Chez Arts & Publics, Jaques Remacle reconnaît bien volontiers que l’enjeu ne se cantonne pas à la gratuité le premier dimanche du mois. «Quand on parle d’accessibilité, il y a plusieurs barrières: le manque d’information, l’intérêt pour la culture, la barrière financière, la mobilité. Avec la gratuité, on agit sur un de ces leviers.

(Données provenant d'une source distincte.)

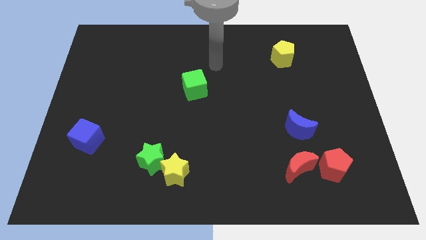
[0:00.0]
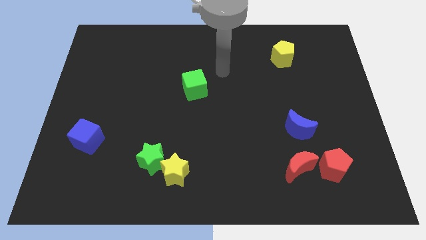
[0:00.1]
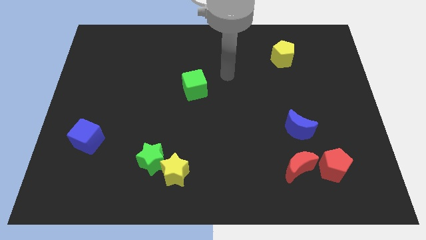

Il y a donc besoin d’informer davantage, de créer des liens avec les associations, les CPAS, d’accompagner la mesure par des outils adéquats, mais on ne peut pas régler les problèmes d’éducation, de pauvreté, de mobilité avec la seule gratuité un jour par mois.»

Les missions de «médiation culturelle» incombent à des associations, mais surtout aux musées eux-mêmes qui, souvent, développent des partenariats avec des écoles, des associations, des CPAS (cf. encadré).

Gratuité pour tous, tout le temps?

Et si la culture devenait «gratuite pour tout le monde»? C’est un rêve que fait Catherine Legros, celui «d’une politique culturelle assumée». Mais en attendant cet horizon lointain, la directrice d’Article 27 rappelle que la culture «a une valeur, y compris pour nos publics, même si cette valeur est symbolique». D’ailleurs, les «tickets Article 27», qui permettent aux publics précarisés d’assister à des événements culturels, coûtent 1,25 euro aux bénéficiaires. «À l’origine, ce prix symbolique était calqué sur le prix du pain, rappelle Catherine Legros, pour dire que la nourriture physiologique est aussi importante que la nourriture de l’esprit.» Un avis que partage Françoise Gohy: «Je pense effectivement qu’une personne qui va au musée doit payer un minimum, cela fait partie de la démarche.»

Malgré ces réserves, la mesure de gratuité rencontre un succès qui dépasse le cadre des musées subventionnés. Plus de 140 musées proposent un dimanche gratuit chaque mois.